__Task objective__
The full listing should be transcribed verbatim.

__Data extract__
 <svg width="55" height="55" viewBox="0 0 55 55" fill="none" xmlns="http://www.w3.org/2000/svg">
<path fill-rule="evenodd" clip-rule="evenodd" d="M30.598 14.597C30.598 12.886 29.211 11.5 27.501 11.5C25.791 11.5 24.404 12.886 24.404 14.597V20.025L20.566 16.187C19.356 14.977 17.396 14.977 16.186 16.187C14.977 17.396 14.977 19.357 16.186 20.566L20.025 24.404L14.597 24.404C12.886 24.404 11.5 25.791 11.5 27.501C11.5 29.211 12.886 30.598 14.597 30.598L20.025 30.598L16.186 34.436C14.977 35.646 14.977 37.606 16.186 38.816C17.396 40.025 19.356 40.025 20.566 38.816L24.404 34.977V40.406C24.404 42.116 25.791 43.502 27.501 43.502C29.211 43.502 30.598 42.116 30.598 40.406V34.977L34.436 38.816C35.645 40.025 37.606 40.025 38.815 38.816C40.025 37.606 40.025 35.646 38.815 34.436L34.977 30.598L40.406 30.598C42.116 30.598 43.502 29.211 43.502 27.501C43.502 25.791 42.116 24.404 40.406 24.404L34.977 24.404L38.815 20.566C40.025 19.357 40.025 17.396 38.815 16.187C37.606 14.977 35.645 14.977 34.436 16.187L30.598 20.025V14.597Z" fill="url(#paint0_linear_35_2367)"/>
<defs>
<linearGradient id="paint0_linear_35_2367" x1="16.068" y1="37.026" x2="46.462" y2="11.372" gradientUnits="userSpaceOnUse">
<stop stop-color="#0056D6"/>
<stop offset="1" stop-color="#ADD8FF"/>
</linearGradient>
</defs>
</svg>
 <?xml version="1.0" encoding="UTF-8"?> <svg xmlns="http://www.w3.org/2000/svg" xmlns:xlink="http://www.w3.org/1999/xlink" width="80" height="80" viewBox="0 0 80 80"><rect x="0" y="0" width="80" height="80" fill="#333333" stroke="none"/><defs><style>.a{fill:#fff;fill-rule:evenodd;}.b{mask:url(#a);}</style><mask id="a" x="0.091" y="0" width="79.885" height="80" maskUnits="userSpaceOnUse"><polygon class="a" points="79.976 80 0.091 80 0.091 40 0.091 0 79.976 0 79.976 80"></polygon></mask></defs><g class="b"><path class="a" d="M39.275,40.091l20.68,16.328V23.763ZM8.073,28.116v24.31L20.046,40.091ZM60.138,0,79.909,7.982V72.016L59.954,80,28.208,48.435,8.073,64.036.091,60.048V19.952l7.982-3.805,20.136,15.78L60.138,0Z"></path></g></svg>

__Written answer__
 <svg width="55" height="55" viewBox="0 0 55 55" fill="none" xmlns="http://www.w3.org/2000/svg">
<path fill-rule="evenodd" clip-rule="evenodd" d="M30.598 14.597C30.598 12.886 29.211 11.5 27.501 11.5C25.791 11.5 24.404 12.886 24.404 14.597V20.025L20.566 16.187C19.356 14.977 17.396 14.977 16.186 16.187C14.977 17.396 14.977 19.357 16.186 20.566L20.025 24.404L14.597 24.404C12.886 24.404 11.5 25.791 11.5 27.501C11.5 29.211 12.886 30.598 14.597 30.598L20.025 30.598L16.186 34.436C14.977 35.646 14.977 37.606 16.186 38.816C17.396 40.025 19.356 40.025 20.566 38.816L24.404 34.977V40.406C24.404 42.116 25.791 43.502 27.501 43.502C29.211 43.502 30.598 42.116 30.598 40.406V34.977L34.436 38.816C35.645 40.025 37.606 40.025 38.815 38.816C40.025 37.606 40.025 35.646 38.815 34.436L34.977 30.598L40.406 30.598C42.116 30.598 43.502 29.211 43.502 27.501C43.502 25.791 42.116 24.404 40.406 24.404L34.977 24.404L38.815 20.566C40.025 19.357 40.025 17.396 38.815 16.187C37.606 14.977 35.645 14.977 34.436 16.187L30.598 20.025V14.597Z" fill="url(#paint0_linear_35_2367)"/>
<defs>
<linearGradient id="paint0_linear_35_2367" x1="16.068" y1="37.026" x2="46.462" y2="11.372" gradientUnits="userSpaceOnUse">
<stop stop-color="#0056D6"/>
<stop offset="1" stop-color="#ADD8FF"/>
</linearGradient>
</defs>
</svg>
 <?xml version="1.0" encoding="UTF-8"?> <svg xmlns="http://www.w3.org/2000/svg" xmlns:xlink="http://www.w3.org/1999/xlink" width="80" height="80" viewBox="0 0 80 80"><rect x="0" y="0" width="80" height="80" fill="#333333" stroke="none"/><defs><style>.a{fill:#fff;fill-rule:evenodd;}.b{mask:url(#a);}</style><mask id="a" x="0.091" y="0" width="79.885" height="80" maskUnits="userSpaceOnUse"><polygon class="a" points="79.976 80 0.091 80 0.091 40 0.091 0 79.976 0 79.976 80"></polygon></mask></defs><g class="b"><path class="a" d="M39.275,40.091l20.68,16.328V23.763ZM8.073,28.116v24.31L20.046,40.091ZM60.138,0,79.909,7.982V72.016L59.954,80,28.208,48.435,8.073,64.036.091,60.048V19.952l7.982-3.805,20.136,15.78L60.138,0Z"></path></g></svg>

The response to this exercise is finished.